Output the entries below unchanged, except for the pictures.

#### Material for this exercise

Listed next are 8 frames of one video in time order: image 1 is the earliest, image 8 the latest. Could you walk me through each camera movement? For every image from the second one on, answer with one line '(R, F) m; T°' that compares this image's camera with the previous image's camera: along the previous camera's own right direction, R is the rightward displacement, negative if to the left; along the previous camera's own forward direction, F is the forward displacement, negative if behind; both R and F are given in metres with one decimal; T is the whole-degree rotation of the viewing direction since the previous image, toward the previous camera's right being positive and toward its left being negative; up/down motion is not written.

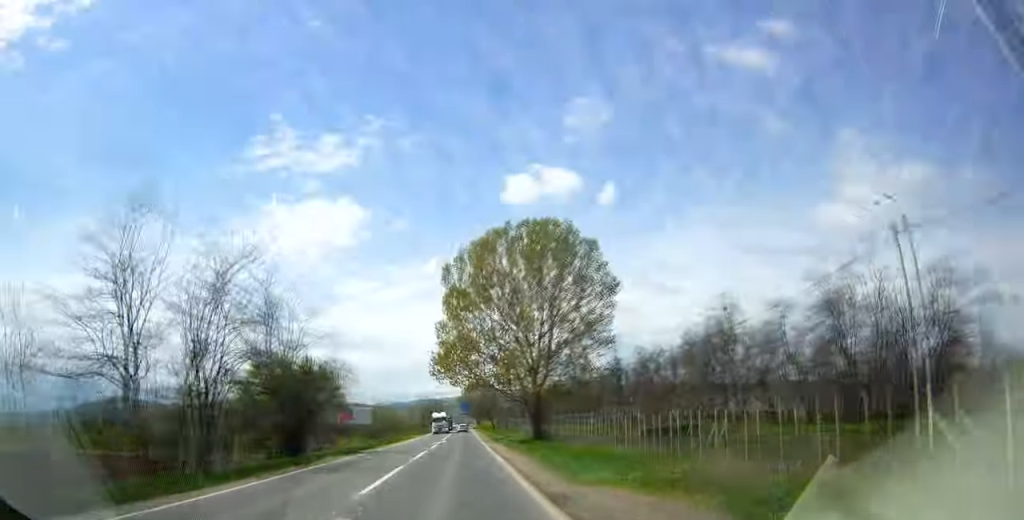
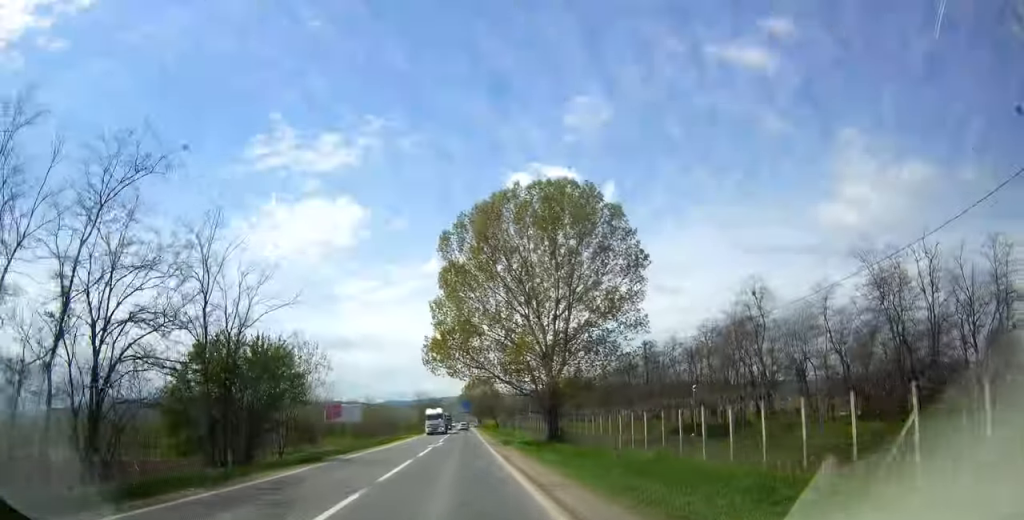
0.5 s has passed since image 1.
(+0.1, +8.2) m; 0°
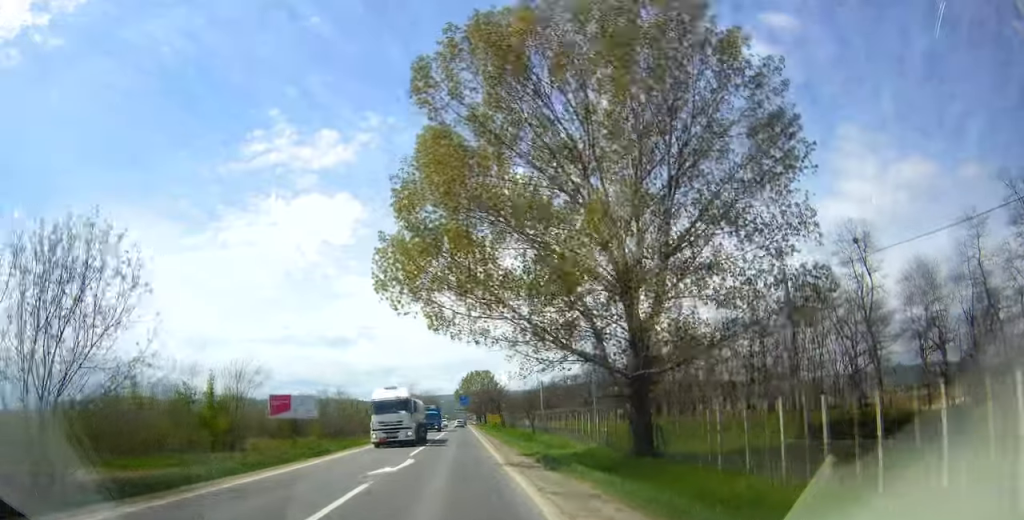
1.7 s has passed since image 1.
(-0.6, +22.6) m; -2°
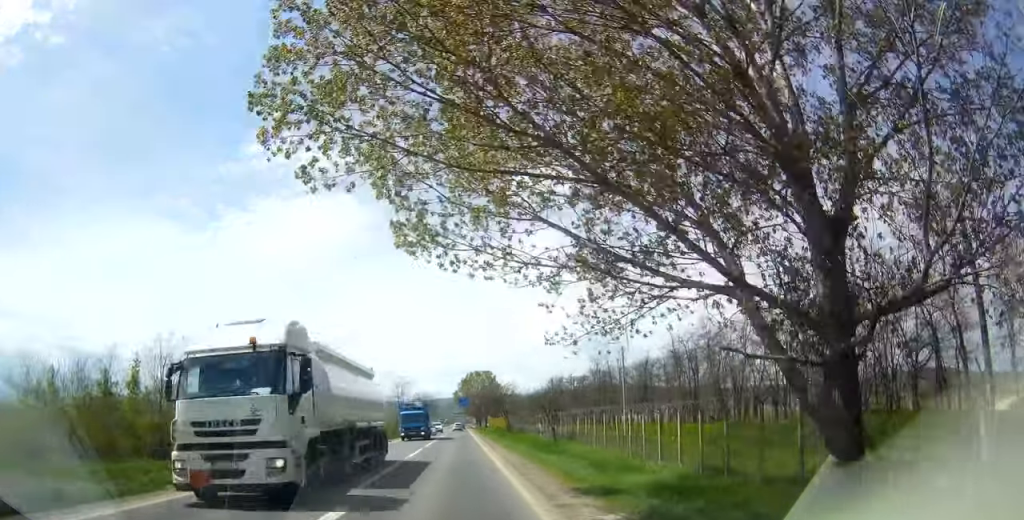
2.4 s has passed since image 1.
(-0.1, +12.4) m; 0°
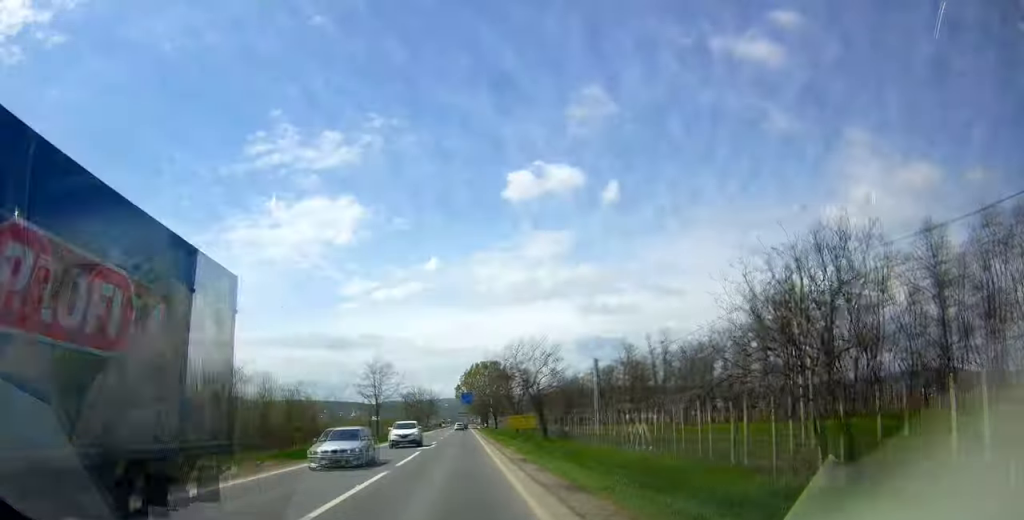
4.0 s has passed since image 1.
(+0.7, +28.5) m; +2°
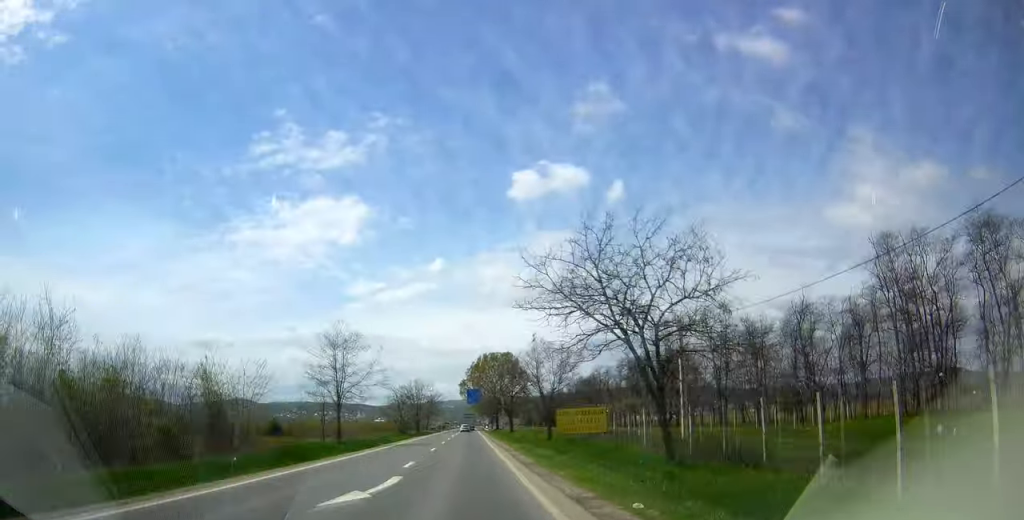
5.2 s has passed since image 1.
(-0.1, +23.5) m; -1°
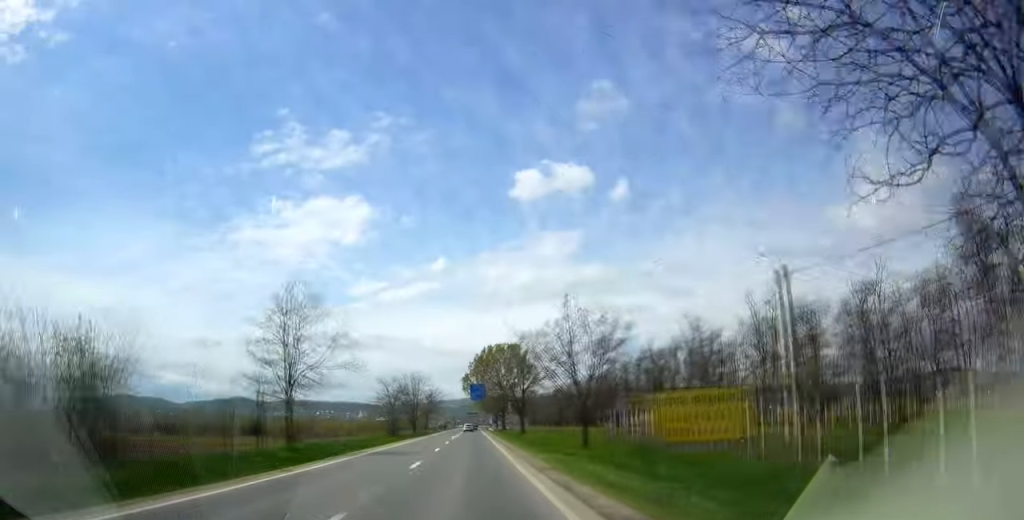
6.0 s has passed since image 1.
(-0.2, +13.4) m; 0°
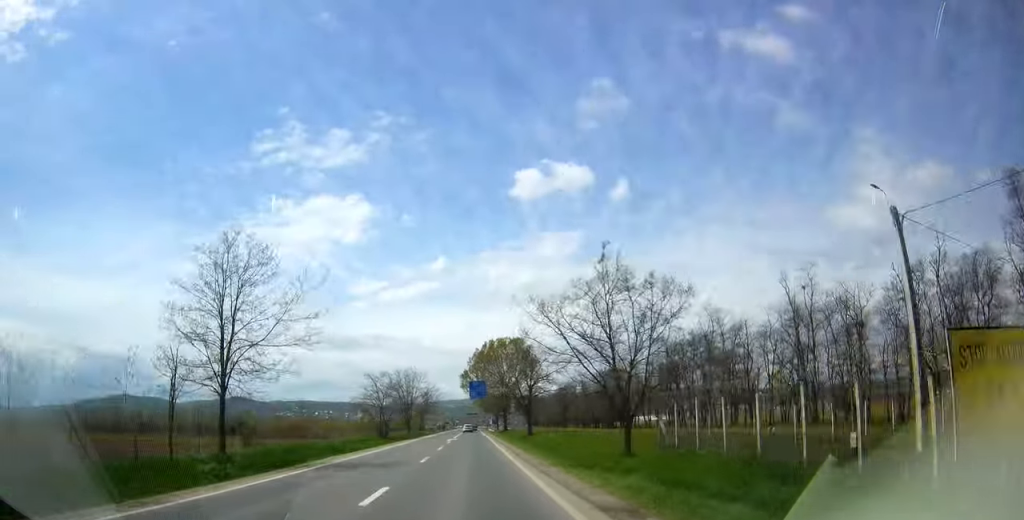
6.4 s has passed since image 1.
(-0.1, +8.9) m; 0°

########

**Answer space**.
Listed next are 8 frames of one video in time order: image 1 is the earliest, image 8 the latest. Could you walk me through each camera movement? For every image from the second one on, answer with one line '(R, F) m; T°' that compares this image's camera with the previous image's camera: along the previous camera's own right direction, R is the rightward displacement, negative if to the left; along the previous camera's own forward direction, F is the forward displacement, negative if behind; both R and F are given in metres with one decimal; T is the whole-degree rotation of the viewing direction since the previous image, toward the previous camera's right being positive and toward its left being negative; up/down motion is not written.

0.5 s has passed since image 1.
(+0.1, +8.2) m; 0°
1.7 s has passed since image 1.
(-0.6, +22.6) m; -2°
2.4 s has passed since image 1.
(-0.1, +12.4) m; 0°
4.0 s has passed since image 1.
(+0.7, +28.5) m; +2°
5.2 s has passed since image 1.
(-0.1, +23.5) m; -1°
6.0 s has passed since image 1.
(-0.2, +13.4) m; 0°
6.4 s has passed since image 1.
(-0.1, +8.9) m; 0°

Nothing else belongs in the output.